Comment 1: The editor has reported on probably a dozen other implied use covenant cases over the years of DD’s, and most of them have come down for the tenant.  But many involve larger, out town tenants, such as Wal Mart, and local good ole’ boy developer landlords, and (dare we say it) some of the trial courts tend to “home town” the tenants, leading to a proliferation of appeals, usually successful, overturning the operating covenant finding.  There are just enough cases holding for the landlord, however, such as in Enro to make things interesting and to give the trial courts a “hook” to make a deal for the landlord that it had been unable to make with its tenant. 

Comment 2: Because of the huge amount of authority, there is an extensive discussion of this issue in Friedman on Leases (Randolph Edition) in Section 6.9.  The author has left Mr.
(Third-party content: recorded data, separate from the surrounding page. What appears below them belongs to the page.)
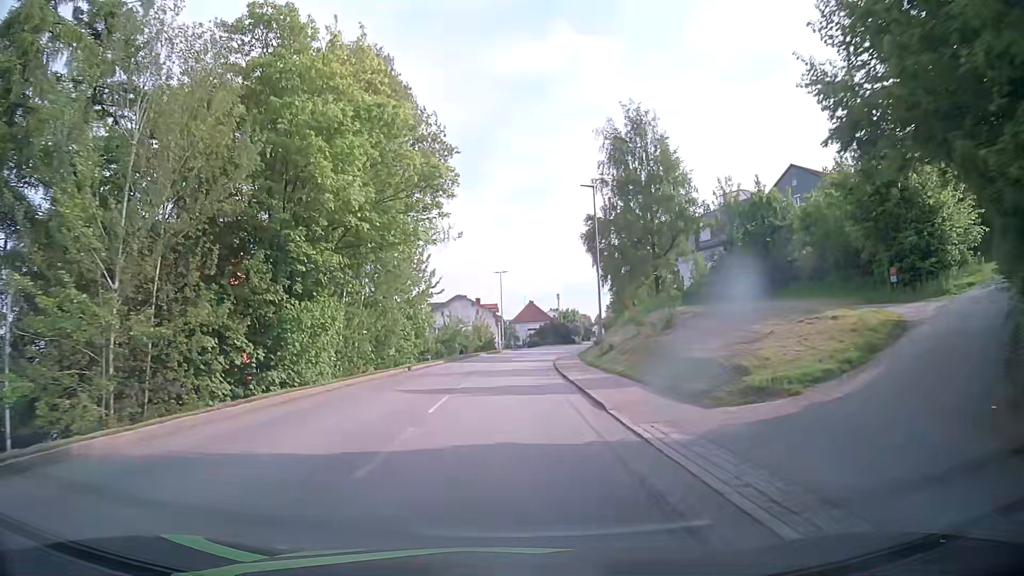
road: tertiary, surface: asphalt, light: Day
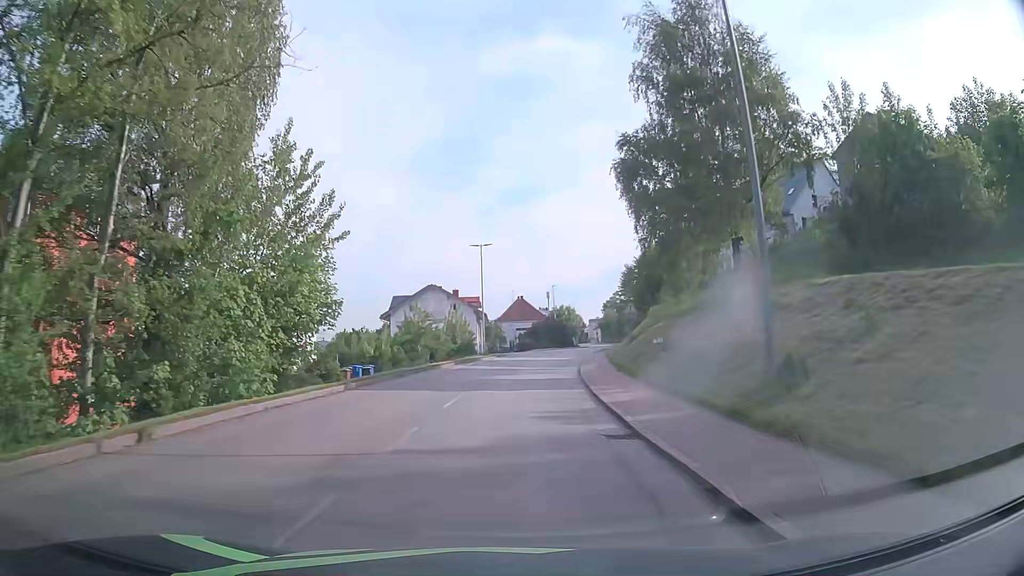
(+0.2, +22.7) m; +1°
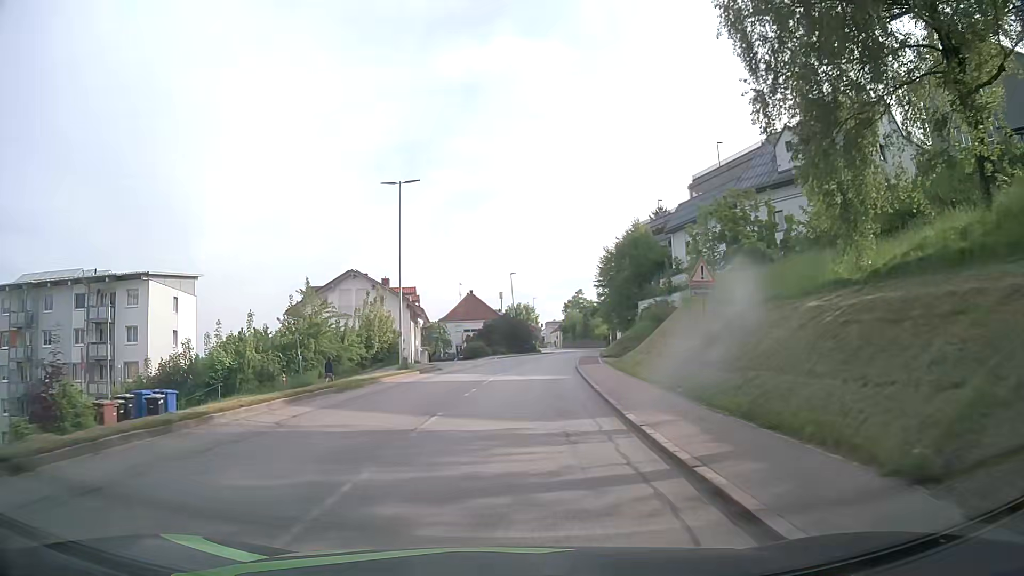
(+0.5, +22.5) m; +4°
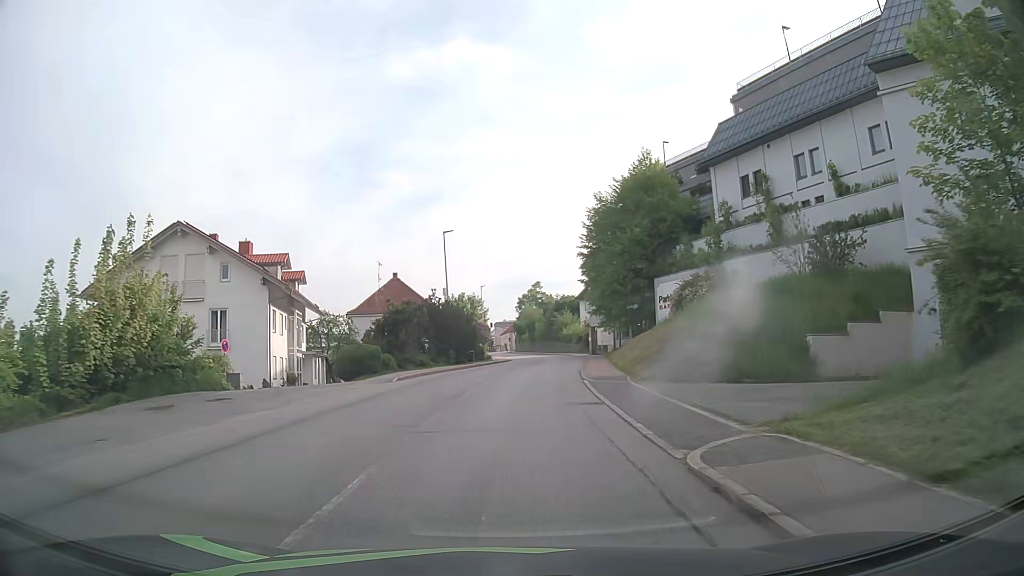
(+1.2, +29.6) m; +4°
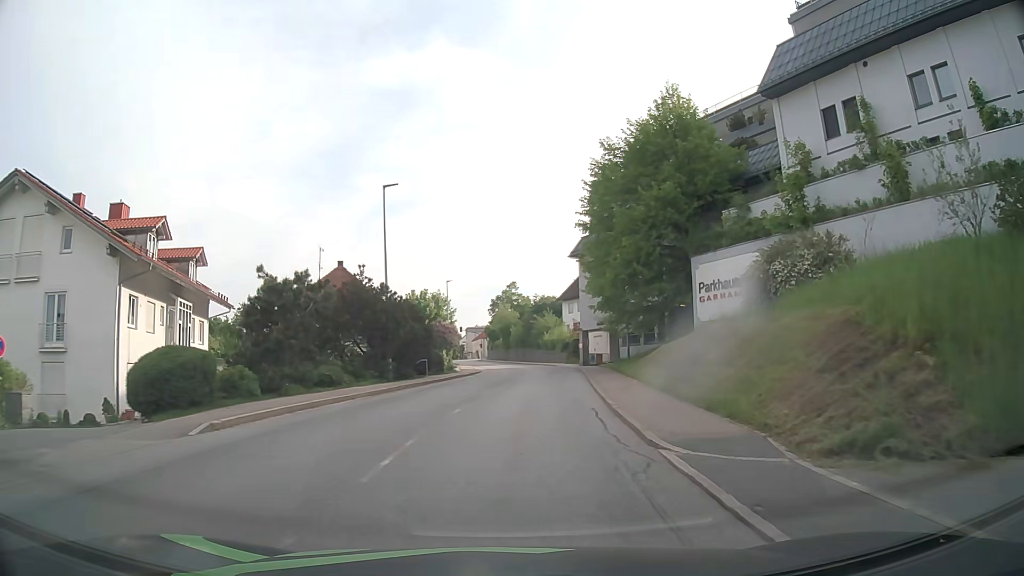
(+0.3, +14.7) m; +3°
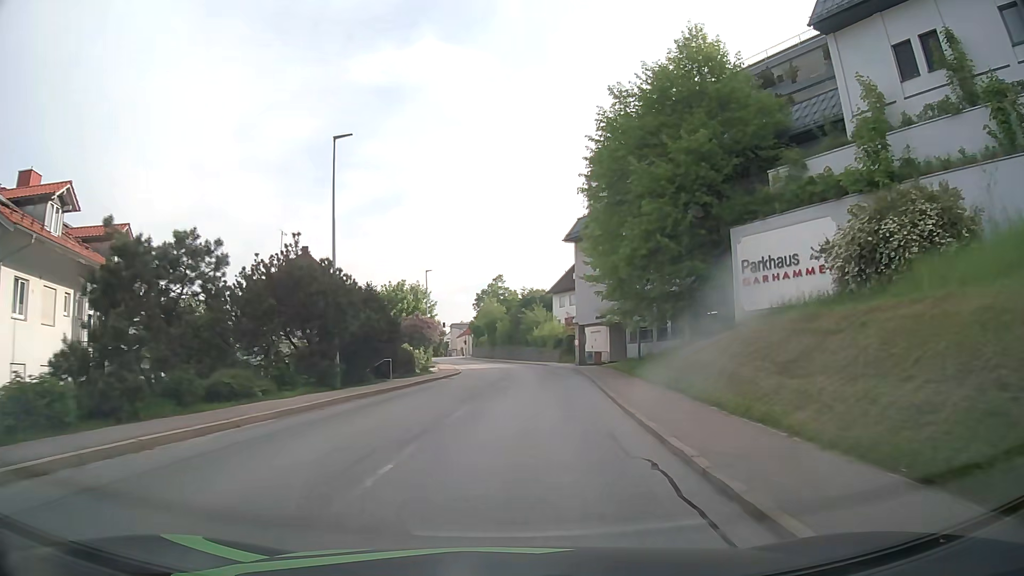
(0.0, +7.3) m; 0°
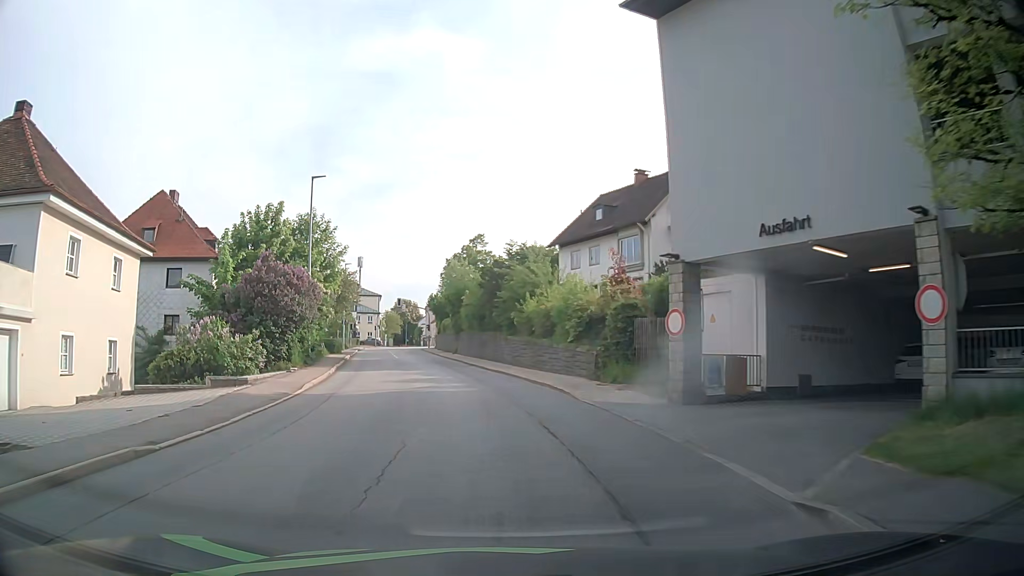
(+1.7, +34.8) m; +2°
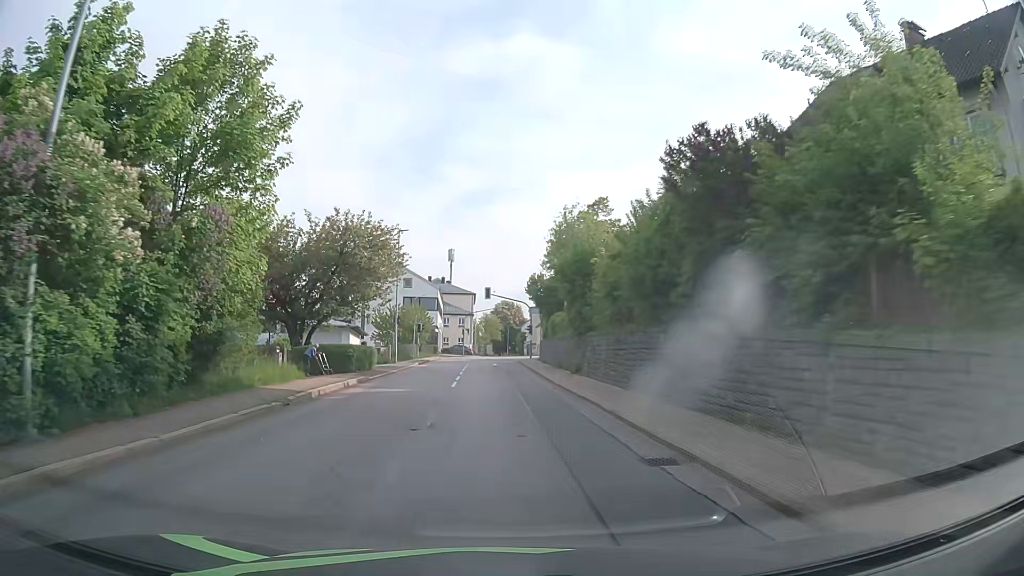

Friedman’s extensive case analysis intact, and has simply appended his own analysis of cases arising in the 20 years or so since Mr. Friedman wrote his materials.  The author’s discussion commences at page 5-56 in the Treatise. 

Comment 3: An example of a landlord favorable case that implied a continuous operation covenant because of an “inadequate base rent” is BVT Lebanon v. Wal-Mart Stores, Inc., 48 S.W. 3d 132 (Tenn. 2001).  The landlord there had agreed to a significant investment in an expanded store facility when it negotiated the lease, and the court concluded that it had a legitimate expectation that percentage rents would amortize that investment. 

Although the basis for finding the implied operation covenant in BVT was a claim that the landlord was entitled to a flow of percentage rents, but court then turned around and awarded damages to the landlord based upon diminution in the value of the center resulting from Wal-Mart’s going dark, including the loss of other tenants with cotenancy clauses.  The editor disagrees with the BVT decision, and wrote it up as the DD for 4/3/01 under the header “Biggest, Worstest Implied Continuous Operation Clause Yet.”